La torre elevada: Al-Qaeda y los orígenes del 11-S (Lawrence Wright)


 

Los atentados del 11 de septiembre dieron a conocer a Osama Bin Laden y a su organización, Al-Qaeda, a nivel mundial. No obstante, sus actividades se pueden remontar a años atrás, y quienes seguían de cerca la actualidad internacional, podían conocer sus implicaciones en atentados como los de la Embajada de Estados Unidos en Nairobi o la voladura del destructor Cole en el puerto yemení de Adén.

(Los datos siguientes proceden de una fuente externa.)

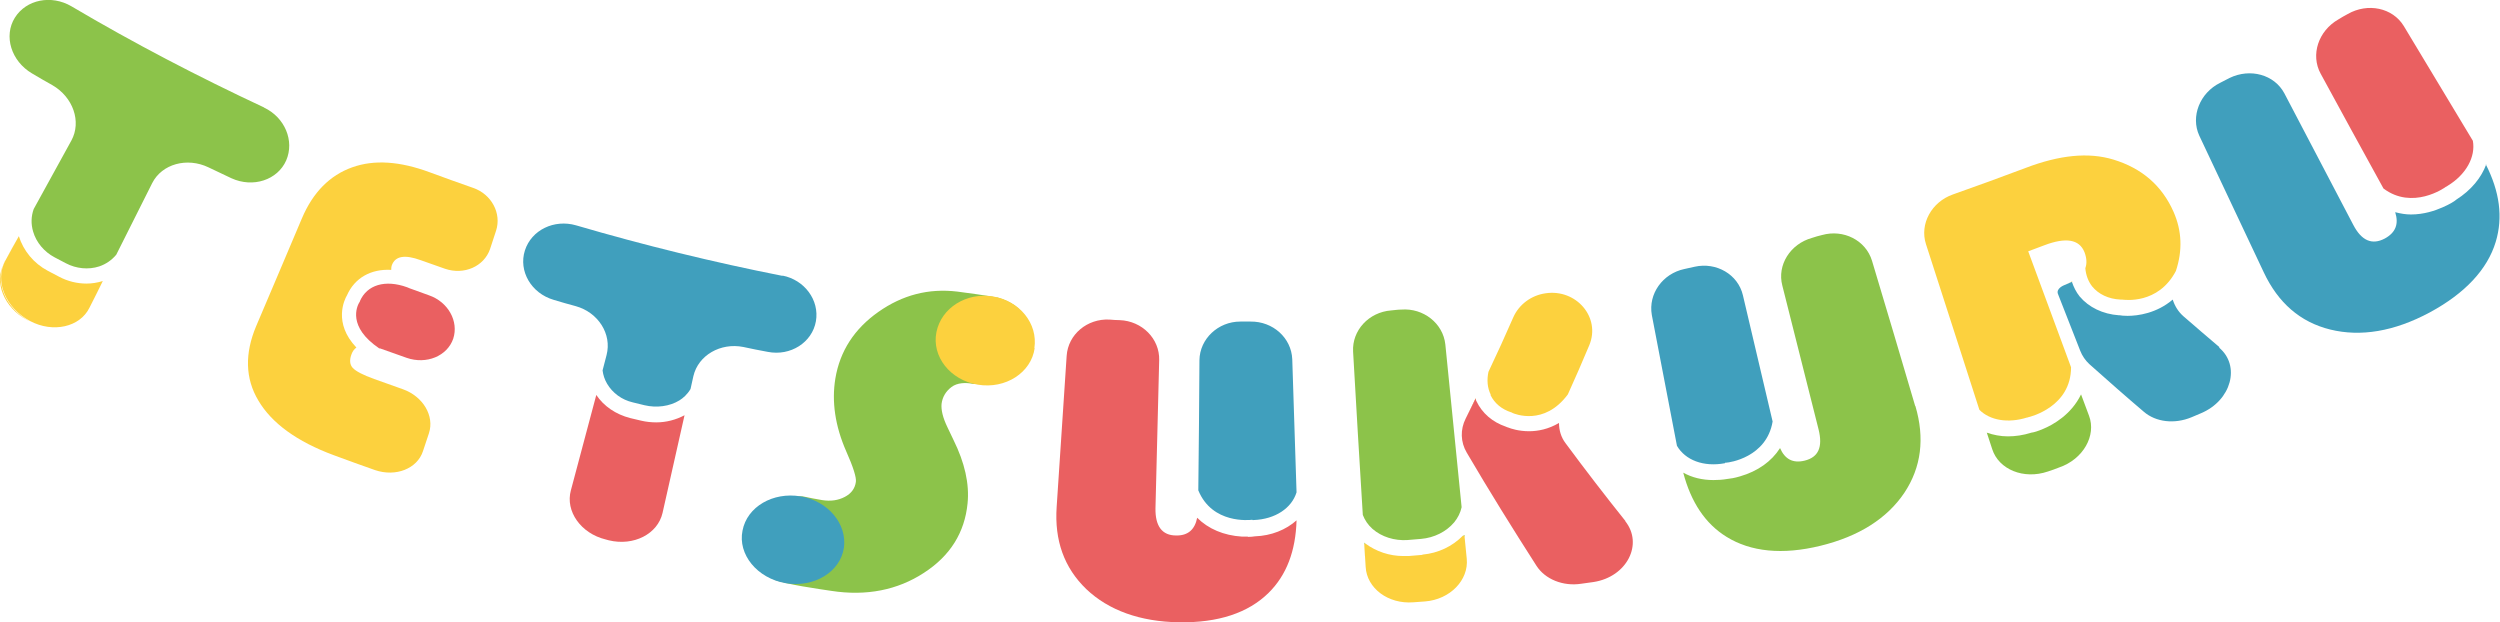 <?xml version="1.0" encoding="UTF-8"?><svg xmlns="http://www.w3.org/2000/svg" width="87.54" height="21.78" viewBox="0 0 87.54 21.78"><defs><style>.d{fill:#ea6061;}.e{fill:#fcd13e;}.f{fill:#8cc34a;}.g{fill:#8bc344;}.h{fill:#409fbd;}</style></defs><g id="a"/><g id="b"><g id="c"><g><g><path class="d" d="M43.7,18.79c-.06,0-.13,0-.21,0-.64-.04-1.18-.27-1.57-.66-.08,.41-.32,.63-.74,.62-.49,0-.73-.33-.72-.95,.04-1.73,.09-3.46,.13-5.19,.02-.75-.6-1.37-1.38-1.4-.12,0-.24-.01-.36-.02-.78-.04-1.45,.52-1.5,1.27l-.35,5.29c-.08,1.17,.26,2.13,1.04,2.88,.78,.74,1.88,1.14,3.25,1.16,1.37,.02,2.42-.33,3.13-1.03,.63-.62,.95-1.47,.98-2.54-.37,.33-.88,.54-1.46,.56-.06,.01-.14,.02-.25,.02Z"/><path class="h" d="M43.86,18.21s.03,0,.04,0c.76-.03,1.33-.42,1.5-.97-.05-1.55-.1-3.11-.15-4.66-.03-.75-.68-1.33-1.46-1.32-.12,0-.24,0-.36,0-.78,0-1.42,.61-1.43,1.35-.01,1.52-.02,3.04-.04,4.56,.49,1.19,1.8,1.04,1.89,1.03Z"/></g><g><path class="f" d="M49.28,18.91l.48-.04c.46-.04,.88-.25,1.16-.58,.13-.16,.22-.34,.26-.53-.19-1.9-.38-3.8-.57-5.7-.08-.74-.77-1.28-1.54-1.22-.12,0-.24,.02-.36,.03-.78,.06-1.37,.7-1.33,1.44,.11,1.91,.22,3.81,.34,5.72,.07,.18,.18,.35,.34,.49,.32,.28,.77,.42,1.23,.39Z"/><path class="f" d="M51.22,18.78h.06v-.05s-.04,.03-.06,.05Z"/><path class="f" d="M47.82,19.04s-.04-.03-.05-.04l.05,.85-.05-.81h.05Z"/><path class="e" d="M52.19,13.83c.14,.29,.39,.5,.73,.61,.02,0,.03,.01,.04,.02,.07,.03,1.11,.47,1.94-.65,.26-.57,.51-1.15,.75-1.72,.41-.98-.46-1.98-1.53-1.82-.5,.07-.93,.39-1.13,.84-.28,.64-.57,1.28-.87,1.91-.06,.28-.04,.56,.08,.8Z"/><path class="e" d="M51.67,13.95c-.12,.24-.23,.48-.34,.72,.12-.24,.23-.48,.35-.71h0Z"/><path class="e" d="M51.27,18.77h0l.08,.81c-.03-.27-.05-.54-.08-.81Z"/><path class="e" d="M49.8,19.43l-.48,.04c-.06,0-.12,0-.18,0-.49,0-.95-.16-1.32-.43h-.05l.05,.81c.04,.75,.79,1.31,1.67,1.24,.14-.01,.27-.02,.41-.03,.88-.07,1.53-.75,1.46-1.49l-.08-.81h-.06c-.36,.37-.86,.61-1.41,.66Z"/><path class="d" d="M56.92,18.25c-.72-.9-1.42-1.81-2.1-2.73-.16-.21-.23-.46-.23-.71-.37,.22-.74,.29-1.05,.29-.36,0-.63-.09-.73-.13-.02,0-.05-.02-.08-.03-.47-.16-.83-.47-1.03-.89-.02-.03-.02-.07-.03-.1-.12,.24-.23,.48-.35,.71-.19,.38-.18,.82,.04,1.19,.78,1.33,1.6,2.65,2.44,3.96,.3,.47,.93,.73,1.57,.63,.15-.02,.29-.04,.43-.06,1.17-.18,1.75-1.33,1.11-2.13Z"/></g><g><path class="f" d="M67.06,14.21c-.5-1.69-1-3.39-1.51-5.08-.22-.72-1-1.11-1.75-.9-.12,.03-.24,.06-.35,.1-.76,.21-1.23,.95-1.04,1.67,.42,1.68,.85,3.36,1.27,5.04,.15,.61,0,.97-.49,1.09-.41,.1-.69-.05-.86-.44-.3,.47-.78,.81-1.4,.99-.2,.06-.34,.08-.44,.09-.17,.03-.33,.04-.49,.04-.4,0-.76-.09-1.06-.26,.27,1.03,.77,1.79,1.52,2.25,.84,.52,1.95,.64,3.29,.31,1.35-.33,2.33-.96,2.93-1.85,.6-.9,.72-1.92,.39-3.04Z"/><path class="h" d="M60.41,16.2s.03,0,.04,0c.09,0,1.41-.18,1.62-1.44l-1.04-4.42c-.17-.73-.93-1.17-1.69-1-.12,.03-.24,.05-.36,.08-.76,.16-1.27,.87-1.14,1.61,.29,1.53,.59,3.05,.88,4.58,.29,.5,.93,.75,1.68,.61Z"/></g><g><path class="h" d="M87.06,5.75c-.17,.47-.53,.91-1.05,1.24-.08,.07-.23,.16-.48,.27-.27,.12-.66,.25-1.11,.25-.18,0-.36-.03-.55-.08,.13,.41,.02,.71-.36,.92-.45,.24-.82,.08-1.11-.48-.8-1.53-1.61-3.07-2.41-4.6-.35-.66-1.2-.89-1.92-.54-.11,.06-.22,.11-.33,.17-.71,.35-1.04,1.18-.73,1.85,.75,1.6,1.51,3.19,2.26,4.79,.5,1.06,1.27,1.74,2.33,2,1.06,.26,2.23,.07,3.48-.6,1.24-.67,2.02-1.51,2.31-2.47,.26-.86,.14-1.76-.35-2.72Z"/><path class="d" d="M85.66,6.54s.02-.02,.04-.03c.66-.4,.99-1.02,.89-1.58-.81-1.34-1.61-2.68-2.42-4.02-.39-.64-1.26-.82-1.96-.42-.11,.06-.22,.12-.33,.19-.7,.4-.98,1.24-.62,1.9,.73,1.34,1.46,2.68,2.2,4.02,1.01,.76,2.13-.01,2.2-.07Z"/></g><g><path class="e" d="M69.57,15.15l.19,.58-.19-.58h0Z"/><path class="e" d="M72.56,9.85c-.08,.04-.17,.09-.27,.13,.09-.04,.18-.08,.28-.12h0Z"/><path class="e" d="M73.15,14.56l-.28-.75h0l.28,.75Z"/><path class="e" d="M74.25,10.49s.03,0,.05,0c.09,.01,1.27,.18,1.89-1,.24-.72,.21-1.41-.08-2.07-.41-.93-1.12-1.53-2.1-1.83-.88-.27-1.9-.16-3.08,.29-.85,.32-1.7,.63-2.55,.93-.74,.26-1.17,1.03-.94,1.74,.62,1.93,1.25,3.86,1.87,5.8,.37,.37,1,.48,1.67,.27,.01,0,.03,0,.04-.01,.09-.02,1.5-.37,1.5-1.75l-1.5-4.06c.19-.07,.37-.14,.56-.21,.76-.29,1.23-.21,1.41,.24,.08,.21,.09,.4,.03,.56,.02,.24,.1,.46,.24,.64,.22,.27,.57,.44,.99,.46Z"/><path class="g" d="M71.54,15.02c-.19,.08-.32,.12-.41,.13-.28,.09-.56,.13-.82,.13s-.51-.05-.74-.13l.19,.58c.23,.71,1.1,1.07,1.95,.78,.13-.04,.26-.09,.39-.14,.85-.29,1.31-1.12,1.05-1.81l-.28-.75c-.34,.71-.99,1.07-1.33,1.21Z"/><path class="h" d="M77.72,12.16c-.43-.36-.85-.73-1.27-1.09-.18-.16-.3-.36-.37-.58-.56,.48-1.22,.57-1.58,.57-.13,0-.23-.01-.27-.02-.01,0-.02,0-.03,0-.57-.04-1.06-.28-1.38-.66-.12-.15-.21-.33-.27-.51-.09,.04-.18,.08-.28,.12,0,0-.28,.11-.21,.3,.1,.26,.78,1.99,.78,1.99,.07,.18,.18,.34,.32,.47,.63,.56,1.26,1.12,1.91,1.67,.42,.36,1.07,.44,1.67,.19,.11-.05,.22-.09,.33-.14,1.07-.45,1.39-1.67,.63-2.3Z"/></g><g><path class="f" d="M.65,8.28l-.47,.85h0c.16-.28,.31-.56,.47-.85h0Z"/><path class="f" d="M9.24,3.76C6.95,2.69,4.7,1.52,2.5,.22,1.8-.19,.92-.02,.52,.62c-.4,.64-.13,1.52,.6,1.95,.24,.14,.47,.28,.71,.41,.73,.42,1.03,1.28,.67,1.94-.44,.8-.88,1.6-1.32,2.4-.09,.25-.1,.52-.02,.79,.11,.38,.39,.71,.75,.9l.4,.21c.36,.19,.79,.23,1.16,.11,.24-.08,.44-.22,.6-.41,.42-.84,.84-1.67,1.26-2.51,.34-.67,1.22-.91,1.97-.55,.27,.13,.53,.25,.8,.38,.76,.35,1.62,.06,1.92-.62,.3-.69-.05-1.51-.77-1.85Z"/><path class="e" d="M3.13,10.78l.47-.94h0c-.16,.31-.31,.62-.47,.94Z"/><path class="e" d="M.19,9.13l-.05,.09c-.36,.66,0,1.55,.8,1.98l.1,.05c-.87-.46-1.25-1.42-.86-2.12Z"/><path class="e" d="M3.03,9.93c-.33,0-.66-.08-.96-.24l-.4-.21c-.49-.26-.85-.7-1.01-1.21-.16,.28-.31,.56-.47,.85-.39,.71,0,1.66,.86,2.12,.81,.43,1.75,.21,2.08-.46,.16-.31,.31-.62,.47-.94-.19,.06-.38,.09-.58,.09Z"/></g><g><path class="e" d="M16.57,6.58c-.51-.18-1.02-.36-1.53-.55-1.03-.38-1.93-.45-2.71-.17-.78,.28-1.37,.87-1.76,1.79-.53,1.26-1.07,2.52-1.6,3.77-.4,.95-.39,1.83,.08,2.61,.46,.78,1.34,1.43,2.64,1.91,.48,.18,.96,.35,1.44,.52,.73,.25,1.48-.05,1.68-.66,.07-.21,.14-.42,.21-.63,.2-.61-.21-1.29-.91-1.54-.34-.12-.67-.24-1.01-.36-.39-.14-.64-.27-.75-.39-.1-.11-.12-.27-.04-.48,.04-.11,.1-.18,.17-.23-.82-.86-.42-1.68-.33-1.83,.27-.61,.84-.93,1.55-.89,0-.05,0-.1,.02-.16,.12-.33,.46-.38,1.01-.18,.28,.1,.56,.2,.85,.3,.67,.23,1.37-.08,1.58-.69,.07-.21,.14-.43,.21-.64,.2-.61-.16-1.28-.8-1.5Z"/><path class="d" d="M13.29,12.21s.02,0,.03,0c-.01,0-.02,0-.03,0h0Z"/><path class="d" d="M12.6,10.56h0s0,.02-.02,.03c-.08,.14-.42,.85,.7,1.61,.01,0,.02,0,.03,0,.31,.11,.62,.22,.93,.33,.69,.24,1.42-.06,1.63-.67,.2-.61-.18-1.29-.85-1.52-.19-.07-.39-.14-.58-.21-.07-.02-.13-.05-.18-.07h0c-.77-.28-1.41-.09-1.66,.49Z"/></g><g><path class="h" d="M27.4,9.66c-2.43-.48-4.84-1.07-7.23-1.77-.76-.22-1.56,.16-1.79,.88-.23,.72,.22,1.5,1.01,1.73,.26,.08,.51,.15,.77,.22,.79,.22,1.27,.98,1.08,1.71l-.14,.54c.02,.16,.07,.32,.16,.47,.19,.32,.51,.56,.9,.65l.41,.1c.42,.1,.88,.04,1.22-.17,.13-.08,.28-.21,.39-.4l.1-.45c.17-.73,.95-1.18,1.75-1.02,.28,.06,.57,.12,.85,.17,.8,.16,1.56-.33,1.69-1.07,.13-.74-.4-1.45-1.17-1.6Z"/><path class="d" d="M23.2,17.96c.26-1.14,.51-2.28,.77-3.42h0l-.77,3.42Z"/><path class="d" d="M20.88,13.83c-.3,1.11-.59,2.23-.89,3.34,.3-1.11,.59-2.23,.89-3.34h0Z"/><path class="d" d="M22.98,14.79c-.18,0-.36-.02-.53-.06l-.38-.09c-.51-.13-.93-.42-1.19-.81-.3,1.11-.59,2.23-.89,3.34-.2,.73,.35,1.51,1.22,1.72l.11,.03c.87,.21,1.71-.22,1.88-.96l.77-3.42c-.3,.16-.64,.25-.99,.25Z"/></g><g><path class="f" d="M34.93,10.42c.35,.1,.9,.36,.87,.71-.21,.72-.42,1.44-.64,2.16-.23-.1-.88,.2-1.1,.15-.25-.05-.54-.04-.74,.11-.2,.15-.32,.35-.35,.59-.02,.21,.04,.48,.21,.83,.07,.15,.14,.29,.21,.44,.39,.79,.56,1.53,.49,2.22-.1,1.01-.6,1.83-1.53,2.43-.92,.6-2.01,.82-3.24,.63-.39-.06-1.64-.23-2.01-.4-.34-.15-.21-.89-.16-1.2,.27-.32,.54-.63,.81-.95,.07-.43-.25-.78,.36-.76,.22,.05,.45,.09,.67,.13,.31,.05,.57,.01,.8-.11,.23-.12,.36-.3,.39-.53,.02-.15-.09-.51-.34-1.07-.39-.89-.51-1.74-.38-2.54,.16-.97,.67-1.75,1.51-2.34,.84-.59,1.75-.83,2.76-.71,.24,.03,1.14,.15,1.37,.21Z"/><path class="e" d="M36.23,12.19c-.12,.86-1.02,1.44-1.99,1.28-.97-.16-1.62-.99-1.45-1.84,.17-.85,1.05-1.4,1.98-1.25,.93,.15,1.58,.95,1.45,1.81Z"/><path class="h" d="M29.55,19.18c-.12,.84-1.04,1.41-2.04,1.24-1-.17-1.68-1.01-1.51-1.84,.16-.84,1.07-1.36,2.03-1.2,.96,.16,1.64,.96,1.52,1.81Z"/></g></g></g></g></svg>

Pero realmente, los fundamentos del grupo terrorista pueden rastrearse aún más atrás, entremezclados con diversas corrientes ideológicas que nacieron tras la Segunda Guerra Mundial y en las que se funden la reivindicación religiosa, la lucha entre los bloques capitalista y comunista, el enquistamiento del conflicto árabe-israelí, el enriquecimiento de muchos países del Golfo Pérsico por el descubrimiento de enormes yacimientos petrolíferos y el dudoso papel de muchas de las dictaduras que regían los destinos de los países árabes.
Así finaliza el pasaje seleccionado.